Scipy doc of gaussian_kde: https://docs.scipy.org/doc/scipy/reference/generated/scipy.stats.gaussian_kde.html. It has the neff thing which is short for effective number of samples, computed as

neff = sum(weights)^2 / sum(weights^2)

This is breaking the usual "reweighing is repeating" semantics for sample_weight that we would like to enforce in all scikit-learn estimators.

import matplotlib.pyplot as plt from scipy.stats import gaussian_kde import numpy as np rng = np.random.default_rng(seed=42) n_samples = 30 data = np.concatenate( [ rng.standard_normal(size=n_samples // 2) - 1, 3 * rng.standard_normal(size=n_samples // 2) + 5, ] ) weights = rng.integers(low=0, high=5, size=n_samples) $ bw_method = "scott" bw_method = "silverman" # similar discrepancy with "scott" kde_weights = gaussian_kde( data, bw_method=bw_method, weights=weights.astype(np.float64) ) kde_repetitions = gaussian_kde(np.repeat(data, weights), bw_method=bw_method) x = np.linspace(data.min(), data.max(), 100) fig, (ax0, ax1) = plt.subplots(nrows=2, ncols=1, figsize=(8, 8)) ax0.plot(x, kde_weights.evaluate(x), label="weights") ax0.plot(x, kde_repetitions.evaluate(x), label="repetitions") ax0.legend() bins = np.linspace(data.min(), data.max(), 30) ax1.hist(data, weights=weights, bins=bins, alpha=0.5, label="weights") ax1.hist(np.repeat(data, weights), bins=bins, alpha=0.5, label="repetitions") ax1.legend()

Note that in scipy's Gaussian KDE implementation, if you use a fixed bandwidth (e.g. bw_method = 0.4 in the code above), then the repetitions vs weights equivalence seems to be (almost) restored when n_samples is large enough (here 30):

Scipy does not specify ddof=0, and uses neff = sum(weights)^2 / sum(weights^2) (for scott and silverman), which is essentially the same as currently in this PR, so in #27971 (comment) I think the small deviation comes from ddof?

Regarding scott and silverman, I briefly searched through the references in the scipy docs, did not find something useful in the weighted case so I don't know where the scipy formula really comes from...

In https://github.com/Charlie-XIAO/scikit-learn/pull/3/files#r1761412299 you changed to neff = sum(weights), I wonder what's the intuition behind that as well 🤔

I tried patching scipy's implementation and passing bias=True / ddof=0 to its own internal call to np.cov fixes the remaining (smaller) discrepancy between weighted and repeated data points (as it does for scikit-learn's implementation).

Charlie-XIAO · 2024-09-05T19:28:20Z

Indeed we would need to use aweights because we wouldn't want to force users to put integer weights... And I don't think fweights or aweights is making a real difference on the final result?

ogrisel · 2024-09-16T12:59:33Z

Indeed we would need to use aweights because we wouldn't want to force users to put integer weights... And I don't think fweights or aweights is making a real difference on the final result?

As @snath-xoc found out, using we don't want aweights to interact with the ddof term to avoid breaking the usual "sample_weight is equivalent to repetitions" equivalence property.
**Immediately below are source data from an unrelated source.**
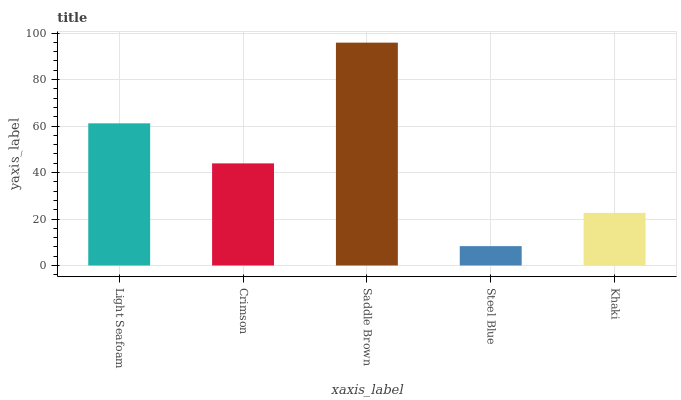
| xaxis_label | bars |
 | --- | --- |
 | Light Seafoam | 61.2 |
 | Crimson | 43.9 |
 | Saddle Brown | 95.9 |
 | Steel Blue | 8.33 |
 | Khaki | 22.6 |
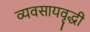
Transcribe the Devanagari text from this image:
व्यवसायवृद्धी
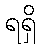
ရရှိ
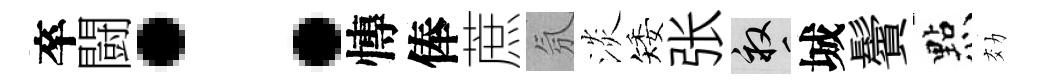
卒闘：慱俸蔗氛淡矮张畝城鬢㸃効
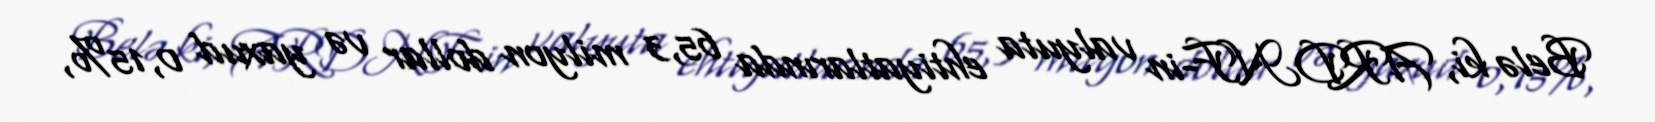
Belə ki, ARDNF-in valyuta ehtiyatlarında 65,3 milyon dollar və yaxud 0,15%,
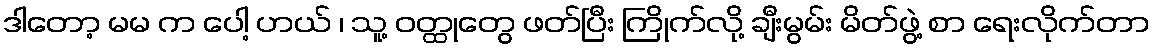
ဒါတော့ မမ က ပေါ့ ဟယ် ၊ သူ့ ဝတ္ထုတွေ ဖတ်ပြီး ကြိုက်လို့ ချီးမွမ်း မိတ်ဖွဲ့ စာ ရေးလိုက်တာ
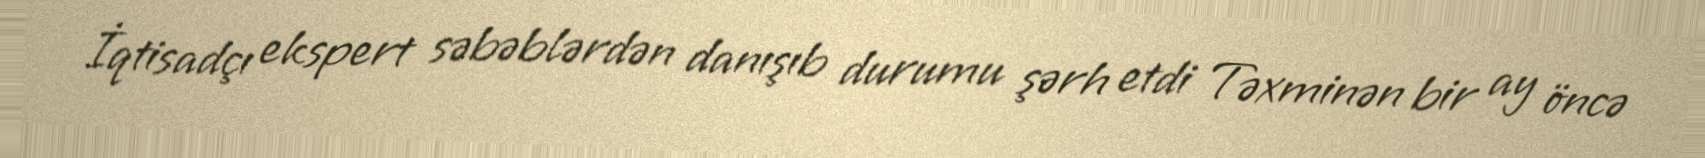
İqtisadçı ekspert səbəblərdən danışıb durumu şərh etdi Təxminən bir ay öncə
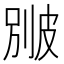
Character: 𤿱
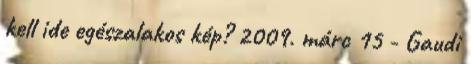
kell ide egészalakos kép? 2009. márc 15 - Gaudi
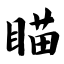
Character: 瞄
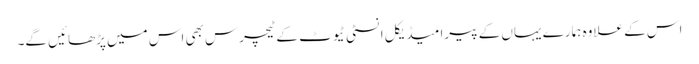
اس کے علاوہ ہمارے یہاں کے پیرا میڈیکل انسٹی ٹیوٹ کے ٹیچرس بھی اس میں پڑھائیں گے۔
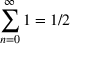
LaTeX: \sum _ { n = 0 } ^ { \infty } 1 = 1 / 2
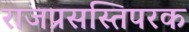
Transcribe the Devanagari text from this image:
राजप्रसस्तिपरक
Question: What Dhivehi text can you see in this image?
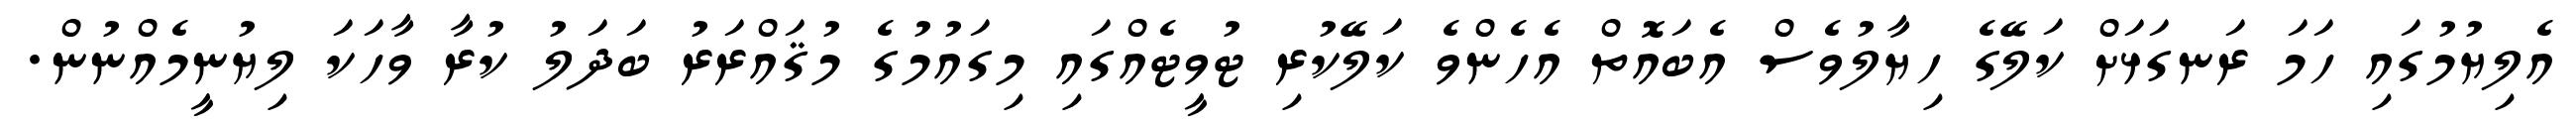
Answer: އެލިޔުމުގައި ހަމަ ރަނގަޅަށް ކަލޭގެ ހިޔާލުވެސް އެބައޮތް އެހެންވެ ކަލޭކުރި ޓުވީޓެއްގައި މިގައުމުގެ މުޤައްރަރު ބަދަލު ކުރާ ވާހަކަ ލިޔުނީމެއްނުން.
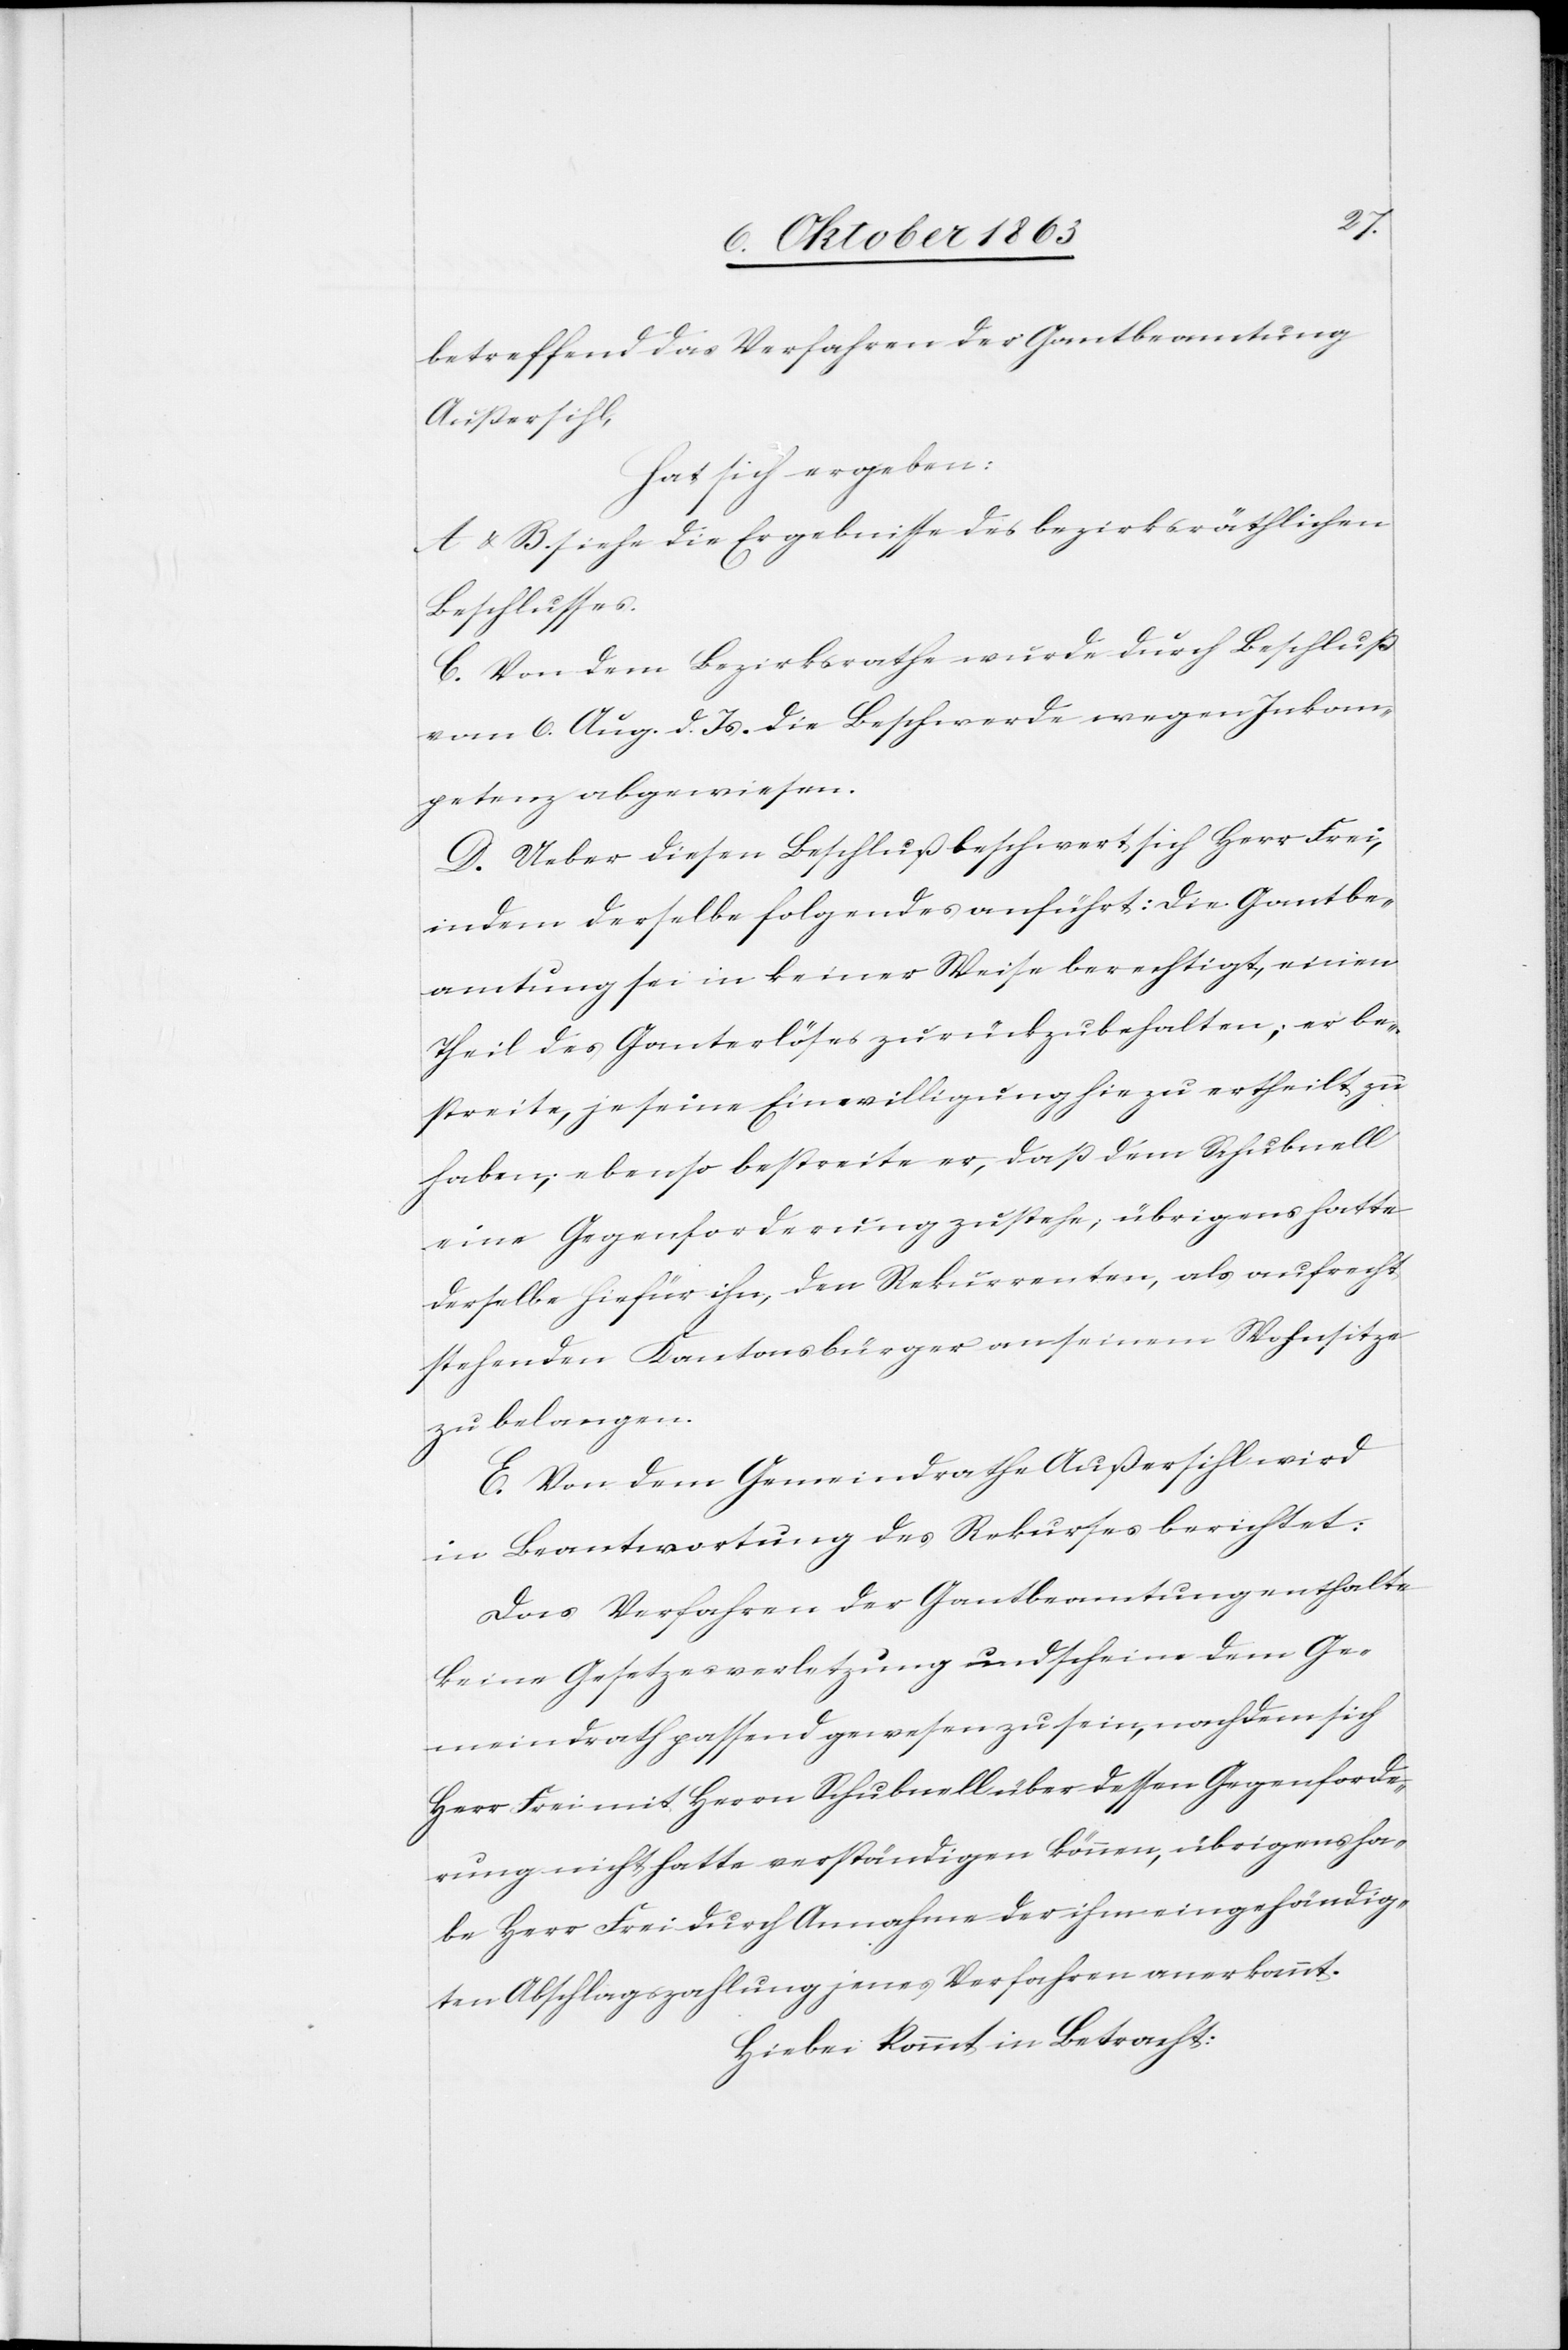
betreffend das Verfahren der Gantbeamtung
Außersihl,
hat sich ergeben:
A & B. siehe die Ergebnisse des bezirksräthlichen
Beschlusses.
C. Von dem Bezirksrathe wurde durch Beschluß
vom 6. Aug. d. Js. die Beschwerde wegen Inkom¬
petenz abgewiesen.
D. Ueber diesen Beschluß beschwert sich Herr Frei,
indem derselbe folgendes anführt: Die Gantbe¬
amtung sei in keiner Weise berechtigt, einen
Theil des Ganterlöses zurückzubehalten; er be¬
streite, je seine Einwilligung hiezu ertheilt zu
haben; ebenso bestreite er, daß dem Schubnell
eine Gegenforderung zustehe; übrigens hatte
derselbe hiefür ihn, den Rekurrenten, als aufrecht
stehenden Kantonsbürger an seinem Wohnsitze
zu belangen.
E. Von dem Gemeindrathe Außersihl wird
in Beantwortung des Rekurses berichtet:
Das Verfahren der Gantbeamtung enthalte
keine Gesetzesverletzung und scheine dem Ge¬
meindrath passend gewesen zu sein, nachdem sich
Herr Frei mit Herrn Schubnell über dessen Gegenforde¬
rung nicht hatte verständigen können, übrigens ha¬
be Herr Frei durch Annahme der ihm eingehändig¬
ten Abschlagszahlung jenes Verfahren anerkannt.
Hiebei kommt in Betracht:

One possible way to deal with this is to pass ddof=0.

Here is a PR that shows that we can use a much smaller rtol as a result: Charlie-XIAO#3

The alternative would be to implement our own numpy.cov with the fweight scheme but without enforcing the integer dtype in sample_weight.

ogrisel · 2024-09-20T08:02:55Z

And I don't think fweights or aweights is making a real difference on the final result?

It does because fweights and aweights do not interact in the same way when ddof=1/bias=False: the fweights has the weighted/repeated equivalence property we want (that is what #29818 expect, similarly to what I checked in #27971 (comment) for gaussian_kde and plt.hist), even with ddof=1. While aweights only gives this property when ddof=0/bias=True.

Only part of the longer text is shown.